The Sydney Local Health District, however, said almost 80 per cent of patients attending the emergency department were treated within four hours or less, and said they “performed extremely well despite an increase in patient numbers”.
“This is up from 66.8 per cent five years ago when patient numbers were lower,” a SLHD spokeswoman said.
“While the government has neglected its responsibilities to the people of NSW to properly fund public hospitals, the suffering is borne by local residents such as those living in Canterbury that continue to wait for surgery,” Ms Cotsis said.

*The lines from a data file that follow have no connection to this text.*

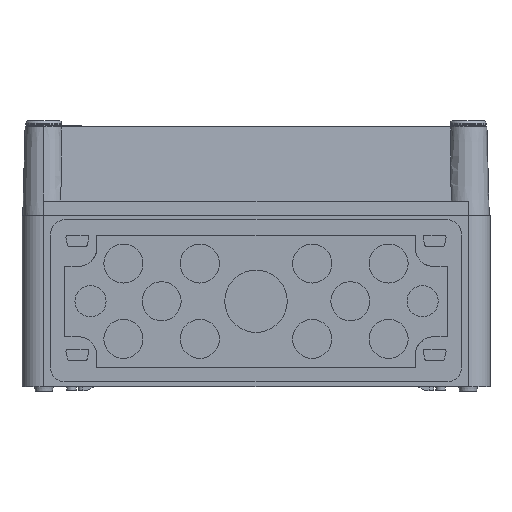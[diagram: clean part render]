
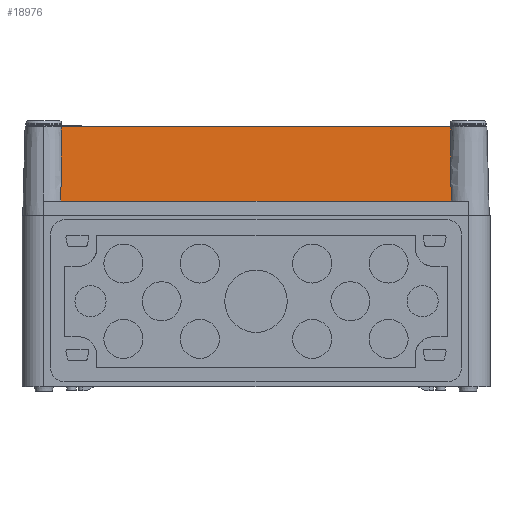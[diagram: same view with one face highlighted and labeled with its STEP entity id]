
A CAD part, front view. The second image highlights one B-rep face of the part: STEP entity #18976.
In plain terms, the highlighted face is planar.
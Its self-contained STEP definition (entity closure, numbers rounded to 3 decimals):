
#62=ELLIPSE('',#21317,173.723,11.237);
#65=ELLIPSE('',#21329,173.723,11.237);
#2004=VECTOR('',#26478,1.);
#2056=VECTOR('',#26622,1.);
#3284=LINE('',#33613,#2004);
#3336=LINE('',#33781,#2056);
#5251=VERTEX_POINT('',#33612);
#5252=VERTEX_POINT('',#33614);
#5307=VERTEX_POINT('',#33760);
#5313=VERTEX_POINT('',#33782);
#9140=EDGE_CURVE('',#5251,#5252,#3284,.T.);
#9212=EDGE_CURVE('',#5307,#5252,#62,.F.);
#9224=EDGE_CURVE('',#5313,#5307,#3336,.T.);
#9226=EDGE_CURVE('',#5251,#5313,#65,.T.);
#14309=ORIENTED_EDGE('',*,*,#9224,.T.);
#14310=ORIENTED_EDGE('',*,*,#9212,.T.);
#14311=ORIENTED_EDGE('',*,*,#9140,.F.);
#14312=ORIENTED_EDGE('',*,*,#9226,.T.);
#16308=EDGE_LOOP('',(#14309,#14310,#14311,#14312));
#17842=FACE_BOUND('',#16308,.T.);
#18976=ADVANCED_FACE('',(#17842),#35973,.T.);
#21317=AXIS2_PLACEMENT_3D('',#33759,#26600,#26601);
#21328=AXIS2_PLACEMENT_3D('',#33784,#26625,$);
#21329=AXIS2_PLACEMENT_3D('',#33785,#26626,#26627);
#26478=DIRECTION('',(-1.,0.,0.));
#26600=DIRECTION('',(0.,0.998,0.07));
#26601=DIRECTION('',(0.,-12.118,173.3));
#26622=DIRECTION('',(-1.,0.,0.));
#26625=DIRECTION('',(0.,0.998,0.07));
#26626=DIRECTION('',(0.,-0.998,-0.07));
#26627=DIRECTION('',(0.,-12.118,173.3));
#33612=CARTESIAN_POINT('',(260.766,4.277,56.5));
#33613=CARTESIAN_POINT('',(-14.225,4.277,56.5));
#33614=CARTESIAN_POINT('',(11.234,4.277,56.5));
#33759=CARTESIAN_POINT('',(0.,4.538,52.764));
#33760=CARTESIAN_POINT('',(10.872,7.598,9.));
#33781=CARTESIAN_POINT('',(-28.45,7.598,9.));
#33782=CARTESIAN_POINT('',(261.128,7.598,9.));
#33784=CARTESIAN_POINT('',(-28.45,7.598,9.));
#33785=CARTESIAN_POINT('',(272.,4.538,52.764));
#35973=PLANE('',#21328);
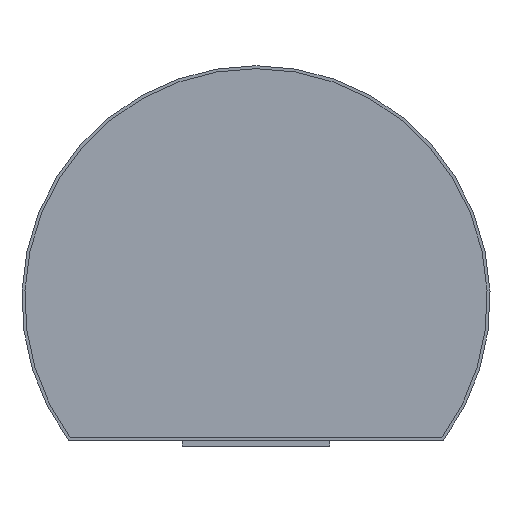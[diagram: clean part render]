
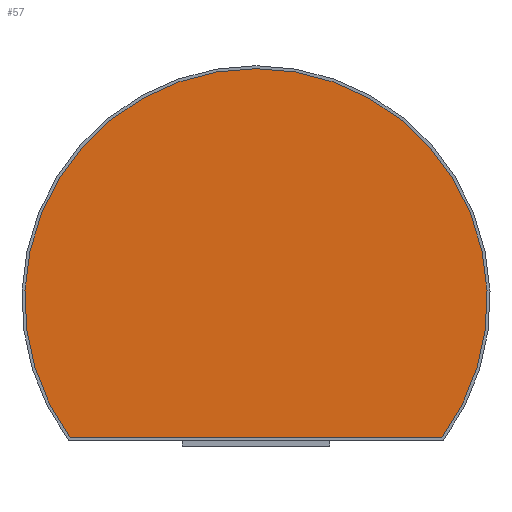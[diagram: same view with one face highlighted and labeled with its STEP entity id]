
A CAD part, front view. The second image highlights one B-rep face of the part: STEP entity #57.
In plain terms, the highlighted planar face has unit normal (0, -1, 0).
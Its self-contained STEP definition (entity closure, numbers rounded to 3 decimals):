
#57 = ADVANCED_FACE( '', ( #115 ), #116, .T. );
#115 = FACE_OUTER_BOUND( '', #170, .T. );
#116 = PLANE( '', #171 );
#170 = EDGE_LOOP( '', ( #266, #267 ) );
#171 = AXIS2_PLACEMENT_3D( '', #268, #269, #270 );
#266 = ORIENTED_EDGE( '', *, *, #347, .T. );
#267 = ORIENTED_EDGE( '', *, *, #326, .T. );
#268 = CARTESIAN_POINT( '', ( 0., -24.995, -1.588 ) );
#269 = DIRECTION( '', ( 0., -1., 0. ) );
#270 = DIRECTION( '', ( 0., 0., -1. ) );
#326 = EDGE_CURVE( '', #382, #380, #383, .T. );
#347 = EDGE_CURVE( '', #380, #382, #412, .T. );
#380 = VERTEX_POINT( '', #454 );
#382 = VERTEX_POINT( '', #457 );
#383 = LINE( '', #458, #459 );
#412 = CIRCLE( '', #500, 7.838 );
#454 = CARTESIAN_POINT( '', ( 6.3, -24.995, -6.25 ) );
#457 = CARTESIAN_POINT( '', ( -6.3, -24.995, -6.25 ) );
#458 = CARTESIAN_POINT( '', ( -6.3, -24.995, -6.25 ) );
#459 = VECTOR( '', #527, 1000. );
#500 = AXIS2_PLACEMENT_3D( '', #546, #547, #548 );
#527 = DIRECTION( '', ( 1., 0., 0. ) );
#546 = CARTESIAN_POINT( '', ( 0., -24.995, -1.588 ) );
#547 = DIRECTION( '', ( 0., -1., 0. ) );
#548 = DIRECTION( '', ( 0., 0., -1. ) );
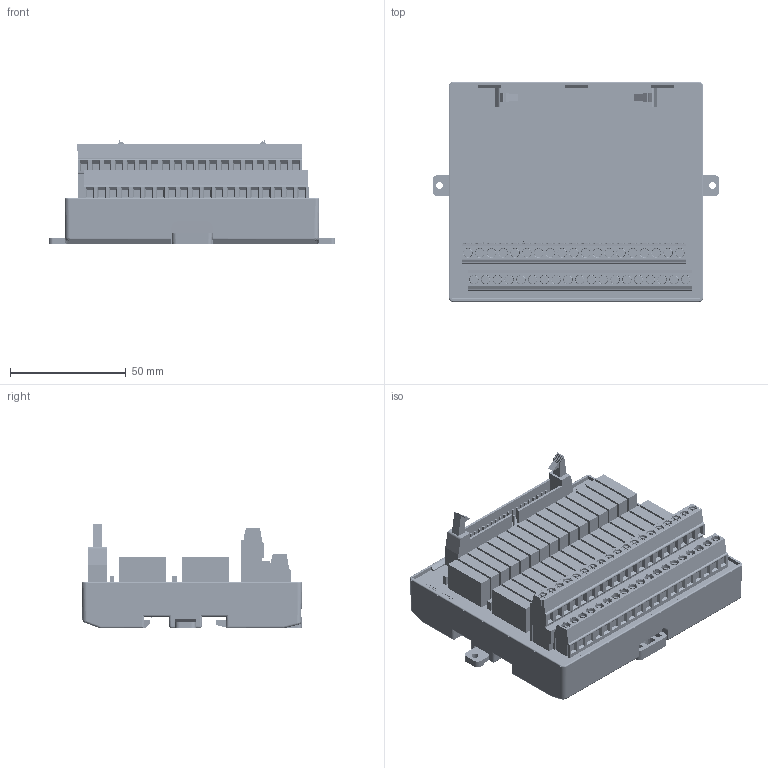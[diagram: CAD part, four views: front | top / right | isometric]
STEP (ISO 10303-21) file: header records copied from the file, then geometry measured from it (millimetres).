
FILE_DESCRIPTION(/* description */ (''),/* implementation_level */ '2;1');
FILE_NAME(/* name */ 'D1079-E.stp',/* time_stamp */ '2024-08-14T19:57:04+08:00',/* author */ (''),/* organization */ (''),/* preprocessor_version */ 'ST-DEVELOPER v14',/* originating_system */ 'SIEMENS PLM Software NX 8.0',/* authorisation */ '');
FILE_SCHEMA (('AUTOMOTIVE_DESIGN { 1 0 10303 214 3 1 1 1 }'));
Products named in the file (1): Admi089C3F336q8v
Bounding box: 123.74 x 95.1 x 45.3 mm (x, y, z)
Volume: 251224.4 mm3; surface area: 82805.1 mm2
Topology: 3 solids, 73 shells, 6202 faces, 16620 edges, 10812 vertices
Faces by surface type: plane 4196, cylinder 1255, torus 380, bspline 201, cone 154, extrusion 12, sphere 4
Full cylindrical faces by diameter (mm): 3 x2, 4.5 x1
Entity records: 253489 total; most frequent: CARTESIAN_POINT 100157, ORIENTED_EDGE 33222, DIRECTION 28308, EDGE_CURVE 16611, VECTOR 12176, LINE 12164, VERTEX_POINT 10812, AXIS2_PLACEMENT_3D 8066
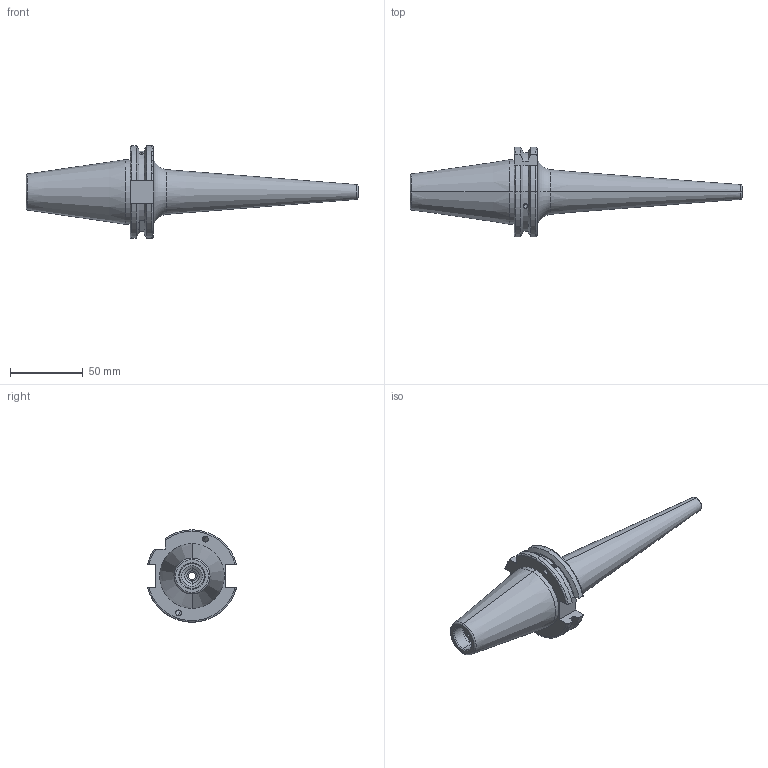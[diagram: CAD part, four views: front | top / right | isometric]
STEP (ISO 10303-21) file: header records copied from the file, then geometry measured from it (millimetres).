
FILE_DESCRIPTION (( 'STEP AP203' ), '1' );
FILE_NAME ('91406-SR405160.STEP', '2022-04-26T12:16:20', ( '' ), ( '' ), 'SwSTEP 2.0', 'SolidWorks 2018', '' );
FILE_SCHEMA (( 'CONFIG_CONTROL_DESIGN' ));
Length unit declared in the file: millimetre
Products named in the file (4): SK40SFK05160FWW; 91406-SR405160; GS-M4X4_DIN 913 - M4 x 4-N
Assembly tree (4 placements, depth 3):
  91406-SR405160
    SK40SFK05160FWW
      SK40SFK05160FWW
      GS-M4X4_DIN 913 - M4 x 4-N  x2
Bounding box: 228.4 x 61.48 x 63.55 mm (x, y, z)
Volume: 149877.6 mm3; surface area: 33091.4 mm2
Topology: 3 solids, 3 shells, 207 faces, 553 edges, 347 vertices
Faces by surface type: cone 84, cylinder 58, plane 47, torus 14, bspline 4
Entity records: 5936 total; most frequent: CARTESIAN_POINT 1484, DIRECTION 864, ORIENTED_EDGE 854, EDGE_CURVE 427, AXIS2_PLACEMENT_3D 347, VERTEX_POINT 271, CIRCLE 183, EDGE_LOOP 176
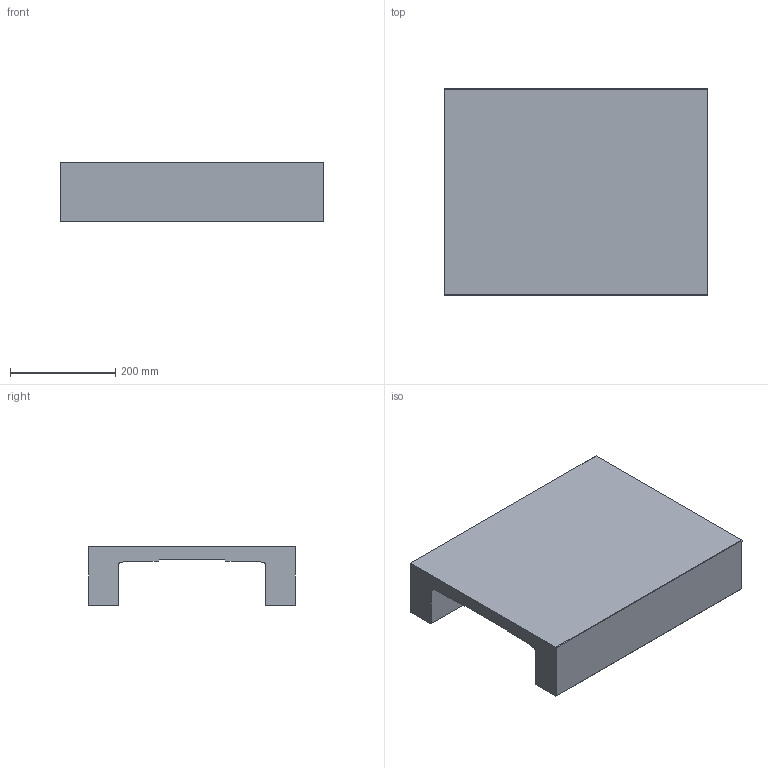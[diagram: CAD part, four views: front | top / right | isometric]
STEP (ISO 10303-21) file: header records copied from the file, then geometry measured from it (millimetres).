
FILE_DESCRIPTION(/* description */ ('Mammut-Führungsprofil'),/* implementation_level */ '2;1');
FILE_NAME(/* name */ '30-00000213.stp',/* time_stamp */ '2022-07-11T12:12:09+02:00',/* author */ ('seider'),/* organization */ (''),/* preprocessor_version */ 'ST-DEVELOPER v18.1',/* originating_system */ 'Autodesk Inventor 2020',/* authorisation */ '');
FILE_SCHEMA (('AUTOMOTIVE_DESIGN { 1 0 10303 214 3 1 1 }'));
Length unit declared in the file: millimetre
Products named in the file (1): 30-00000213
Bounding box: 500 x 394 x 114 mm (x, y, z)
Volume: 10375143.9 mm3; surface area: 629498.4 mm2
Topology: 1 solids, 1 shells, 24 faces, 66 edges, 44 vertices
Faces by surface type: plane 22, cylinder 2
Entity records: 795 total; most frequent: CARTESIAN_POINT 135, ORIENTED_EDGE 132, DIRECTION 120, EDGE_CURVE 66, LINE 62, VECTOR 62, VERTEX_POINT 44, AXIS2_PLACEMENT_3D 29
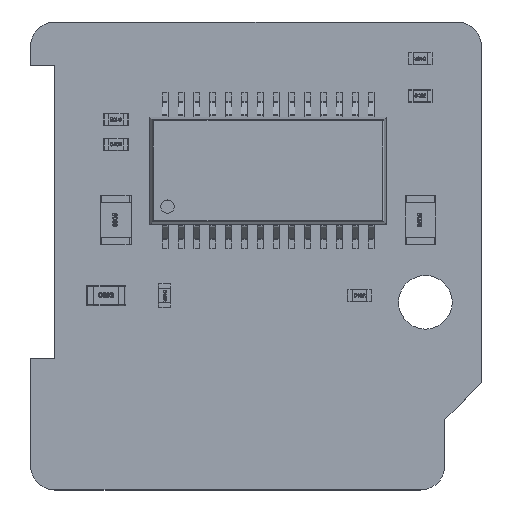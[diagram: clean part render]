
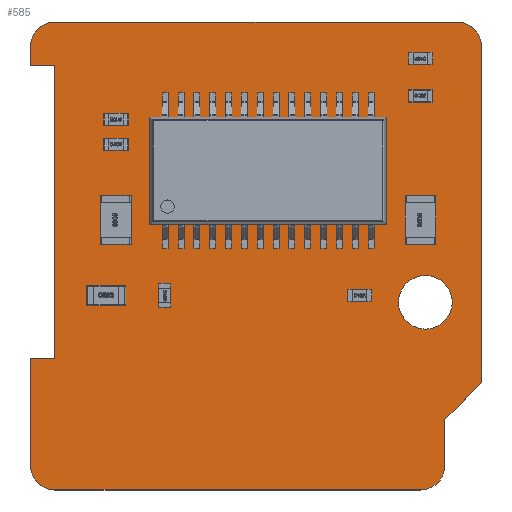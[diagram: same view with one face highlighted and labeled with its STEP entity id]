
A CAD part, top view. The second image highlights one B-rep face of the part: STEP entity #585.
In plain terms, the highlighted planar face has unit normal (0, 0, 1).
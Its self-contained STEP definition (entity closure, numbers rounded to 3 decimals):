
#92 = VERTEX_POINT('',#93);
#93 = CARTESIAN_POINT('',(0.,1.,0.624));
#99 = EDGE_CURVE('',#92,#100,#102,.T.);
#100 = VERTEX_POINT('',#101);
#101 = CARTESIAN_POINT('',(0.,5.4,0.624));
#102 = LINE('',#103,#104);
#103 = CARTESIAN_POINT('',(0.,1.,0.624));
#104 = VECTOR('',#105,1.);
#105 = DIRECTION('',(0.,1.,0.));
#130 = EDGE_CURVE('',#100,#131,#133,.T.);
#131 = VERTEX_POINT('',#132);
#132 = CARTESIAN_POINT('',(1.,5.4,0.624));
#133 = LINE('',#134,#135);
#134 = CARTESIAN_POINT('',(0.,5.4,0.624));
#135 = VECTOR('',#136,1.);
#136 = DIRECTION('',(1.,0.,0.));
#161 = EDGE_CURVE('',#131,#162,#164,.T.);
#162 = VERTEX_POINT('',#163);
#163 = CARTESIAN_POINT('',(1.,17.4,0.624));
#164 = LINE('',#165,#166);
#165 = CARTESIAN_POINT('',(1.,5.4,0.624));
#166 = VECTOR('',#167,1.);
#167 = DIRECTION('',(0.,1.,0.));
#192 = EDGE_CURVE('',#162,#193,#195,.T.);
#193 = VERTEX_POINT('',#194);
#194 = CARTESIAN_POINT('',(0.,17.4,0.624));
#195 = LINE('',#196,#197);
#196 = CARTESIAN_POINT('',(1.,17.4,0.624));
#197 = VECTOR('',#198,1.);
#198 = DIRECTION('',(-1.,0.,0.));
#223 = EDGE_CURVE('',#193,#224,#226,.T.);
#224 = VERTEX_POINT('',#225);
#225 = CARTESIAN_POINT('',(0.,18.2,0.624));
#226 = LINE('',#227,#228);
#227 = CARTESIAN_POINT('',(0.,17.4,0.624));
#228 = VECTOR('',#229,1.);
#229 = DIRECTION('',(0.,1.,0.));
#254 = EDGE_CURVE('',#224,#255,#257,.T.);
#255 = VERTEX_POINT('',#256);
#256 = CARTESIAN_POINT('',(1.,19.2,0.624));
#257 = CIRCLE('',#258,1.);
#258 = AXIS2_PLACEMENT_3D('',#259,#260,#261);
#259 = CARTESIAN_POINT('',(1.,18.2,0.624));
#260 = DIRECTION('',(0.,0.,-1.));
#261 = DIRECTION('',(-1.,0.,0.));
#287 = EDGE_CURVE('',#255,#288,#290,.T.);
#288 = VERTEX_POINT('',#289);
#289 = CARTESIAN_POINT('',(17.5,19.2,0.624));
#290 = LINE('',#291,#292);
#291 = CARTESIAN_POINT('',(1.,19.2,0.624));
#292 = VECTOR('',#293,1.);
#293 = DIRECTION('',(1.,0.,0.));
#318 = EDGE_CURVE('',#288,#319,#321,.T.);
#319 = VERTEX_POINT('',#320);
#320 = CARTESIAN_POINT('',(18.5,18.2,0.624));
#321 = CIRCLE('',#322,1.);
#322 = AXIS2_PLACEMENT_3D('',#323,#324,#325);
#323 = CARTESIAN_POINT('',(17.5,18.2,0.624));
#324 = DIRECTION('',(0.,0.,-1.));
#325 = DIRECTION('',(0.,1.,0.));
#351 = EDGE_CURVE('',#319,#352,#354,.T.);
#352 = VERTEX_POINT('',#353);
#353 = CARTESIAN_POINT('',(18.5,4.4,0.624));
#354 = LINE('',#355,#356);
#355 = CARTESIAN_POINT('',(18.5,18.2,0.624));
#356 = VECTOR('',#357,1.);
#357 = DIRECTION('',(0.,-1.,0.));
#382 = EDGE_CURVE('',#352,#383,#385,.T.);
#383 = VERTEX_POINT('',#384);
#384 = CARTESIAN_POINT('',(17.,2.9,0.624));
#385 = LINE('',#386,#387);
#386 = CARTESIAN_POINT('',(18.5,4.4,0.624));
#387 = VECTOR('',#388,1.);
#388 = DIRECTION('',(-0.707,-0.707,0.));
#413 = EDGE_CURVE('',#383,#414,#416,.T.);
#414 = VERTEX_POINT('',#415);
#415 = CARTESIAN_POINT('',(17.,1.,0.624));
#416 = LINE('',#417,#418);
#417 = CARTESIAN_POINT('',(17.,2.9,0.624));
#418 = VECTOR('',#419,1.);
#419 = DIRECTION('',(0.,-1.,0.));
#444 = EDGE_CURVE('',#414,#445,#447,.T.);
#445 = VERTEX_POINT('',#446);
#446 = CARTESIAN_POINT('',(16.,0.,0.624));
#447 = CIRCLE('',#448,1.);
#448 = AXIS2_PLACEMENT_3D('',#449,#450,#451);
#449 = CARTESIAN_POINT('',(16.,1.,0.624));
#450 = DIRECTION('',(0.,0.,-1.));
#451 = DIRECTION('',(1.,0.,0.));
#477 = EDGE_CURVE('',#445,#478,#480,.T.);
#478 = VERTEX_POINT('',#479);
#479 = CARTESIAN_POINT('',(1.,0.,0.624));
#480 = LINE('',#481,#482);
#481 = CARTESIAN_POINT('',(16.,0.,0.624));
#482 = VECTOR('',#483,1.);
#483 = DIRECTION('',(-1.,0.,0.));
#508 = EDGE_CURVE('',#478,#92,#509,.T.);
#509 = CIRCLE('',#510,1.);
#510 = AXIS2_PLACEMENT_3D('',#511,#512,#513);
#511 = CARTESIAN_POINT('',(1.,1.,0.624));
#512 = DIRECTION('',(0.,0.,-1.));
#513 = DIRECTION('',(0.,-1.,0.));
#534 = VERTEX_POINT('',#535);
#535 = CARTESIAN_POINT('',(17.3,7.7,0.624));
#541 = EDGE_CURVE('',#534,#534,#542,.T.);
#542 = CIRCLE('',#543,1.1);
#543 = AXIS2_PLACEMENT_3D('',#544,#545,#546);
#544 = CARTESIAN_POINT('',(16.2,7.7,0.624));
#545 = DIRECTION('',(0.,0.,1.));
#546 = DIRECTION('',(1.,0.,0.));
#585 = ADVANCED_FACE('',(#586,#602),#605,.T.);
#586 = FACE_BOUND('',#587,.F.);
#587 = EDGE_LOOP('',(#588,#589,#590,#591,#592,#593,#594,#595,#596,#597,
    #598,#599,#600,#601));
#588 = ORIENTED_EDGE('',*,*,#99,.T.);
#589 = ORIENTED_EDGE('',*,*,#130,.T.);
#590 = ORIENTED_EDGE('',*,*,#161,.T.);
#591 = ORIENTED_EDGE('',*,*,#192,.T.);
#592 = ORIENTED_EDGE('',*,*,#223,.T.);
#593 = ORIENTED_EDGE('',*,*,#254,.T.);
#594 = ORIENTED_EDGE('',*,*,#287,.T.);
#595 = ORIENTED_EDGE('',*,*,#318,.T.);
#596 = ORIENTED_EDGE('',*,*,#351,.T.);
#597 = ORIENTED_EDGE('',*,*,#382,.T.);
#598 = ORIENTED_EDGE('',*,*,#413,.T.);
#599 = ORIENTED_EDGE('',*,*,#444,.T.);
#600 = ORIENTED_EDGE('',*,*,#477,.T.);
#601 = ORIENTED_EDGE('',*,*,#508,.T.);
#602 = FACE_BOUND('',#603,.T.);
#603 = EDGE_LOOP('',(#604));
#604 = ORIENTED_EDGE('',*,*,#541,.F.);
#605 = PLANE('',#606);
#606 = AXIS2_PLACEMENT_3D('',#607,#608,#609);
#607 = CARTESIAN_POINT('',(0.,1.,0.624));
#608 = DIRECTION('',(0.,0.,1.));
#609 = DIRECTION('',(1.,0.,0.));

“Since being elected to Canterbury, I have demanded the Berejiklian Government provide additional funding and resources to Canterbury Hospital.
“To date the premier has not provided a single additional dollar or bed.”
The Sydney Local Health District spokeswoman said: “The median time that patients spent in the emergency department was two hours and 55 minutes, down from 3 hours and 18 minutes five years ago.
“In elective surgery during this period, 100 per cent of patients were treated within clinically appropriate timeframes, despite a 13 per cent increase in the number of people needing urgent surgery.
“Since 2015, we have employed an additional 25 doctors and 32 nurses/midwives at Canterbury Hospital.
The spokeswoman said they also have invested $5.6m in upgrades/refurbishments to the hospital, including an emergency department short stay unit (in 2014), High Volume Short Stay Surgical Unit (in 2015), aged care ward refurbishments (in 2016) and an ED waitroom consultation room (in 2018).
Ms Cotsis said long waiting lists not only places unnecessary pressure on doctors, nurses and care staff but also causes unneeded stress for patients.
“This is symptomatic of a health system under growing pressure with growing waiting times in emergency departments and elective surgery,” Ms Cotsis said.
“Premier (Gladys) Berejiklian needs to get the government’s priorities right and should be investing funds in our public hospitals instead of spending over $2 billion on building new stadiums.”